Horses that are difficult to load seem to bring out the worst in us.
Often we approach this problem by simply trying to make the horse go into the trailer. Pressure is applied to the horse’s face, mouth, hind end, sides, escape routes are blocked, and often, depending on our level of skill in the questionable art of making horses do stuff they really don’t want to do – we ‘succeed’.
Until the next time..
‘Making’ a horse go into a trailer is sometimes necessary – in an emergency situation you may have no other option. But don’t confuse it with reliable training.
Our goal when dealing with loading problems is for the horse to be relaxed and comfortable about going into the trailer every time we ask him to. If we can ‘make’ him go into the trailer, but he is tense and worried about it, his behaviour will never be consistent.
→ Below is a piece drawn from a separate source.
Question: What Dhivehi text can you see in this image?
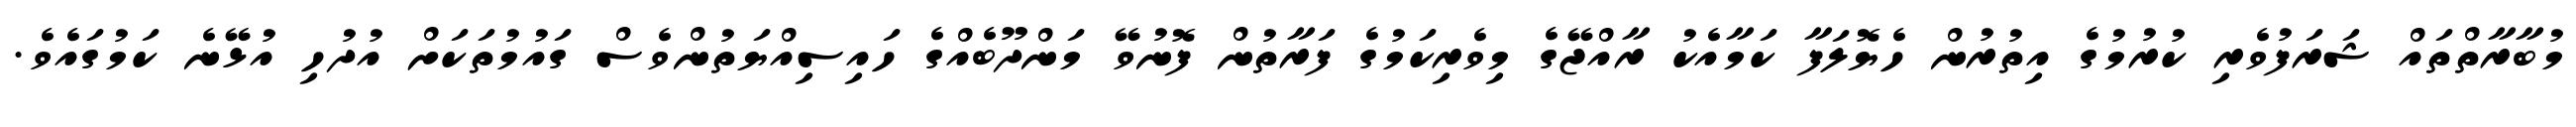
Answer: މުބާރާތްތައް ޝަރަފުވެރި ކުރުމުގެ އިތުރުން ހެޔޮލަފާ ކަމާއެކު ރާއްޖޭގެ މިވެރިކަމުގެ ފަރާތުން ފޮނުވޭ މަންދޫބެއްގެ ހައިސިއްޔަތުންވެސް ގައުމުތަކަށް އުދުހި އުޅޭނެ ކަމުގައެވެ.

This brings up a very important point in all horse training – if the horse is worried, he will be looking for ways to feel better, and that will probably be his main focus. He won’t learn well, and he will be unpredictable as he tries to make himself feel better. His efforts could include rearing, running away, planting, backing up, kicking, barging – you name it.
So, often what goes wrong during training is that we focus on the ‘into the trailer’ bit and forget about the essential ‘relaxed and comfortable’ bit.
The first loading case I ever handled is a classic example. By the time I got involved, 5 other professionals had been out to work with this horse, and the owner had just about given up hope. All had got the horse into the trailer, some had repeated the loading several times. All had provoked some pretty extreme behaviour from the horse, but, if you like, had won the argument and made the horse load. Unfortunately, once the owner was left alone, the problem was no better than before.
Despite this lack of success, it took quite a bit of effort to convince the owner that short, calm sessions, in which the horse took a step or two more towards the trailer was rewarded for his progress would work – she wanted to see him in the trailer during every training session. Fortunately she gave it a try and within about 10 days he was loading perfectly, and has done so ever since.
So, when training, we need to be very clear about what progress towards the goal is. A session which consists of having a big fight with your horse, and ending up with a sweaty, anxious horse inside a box, is most probably not progress.
A session during which everyone (human and equine) keeps calm, and the horse gets closer to the trailer, or further up the ramp, than he has before without getting worried is progress – and is safer for you and your horse, good for his welfare, and good for your relationship with him.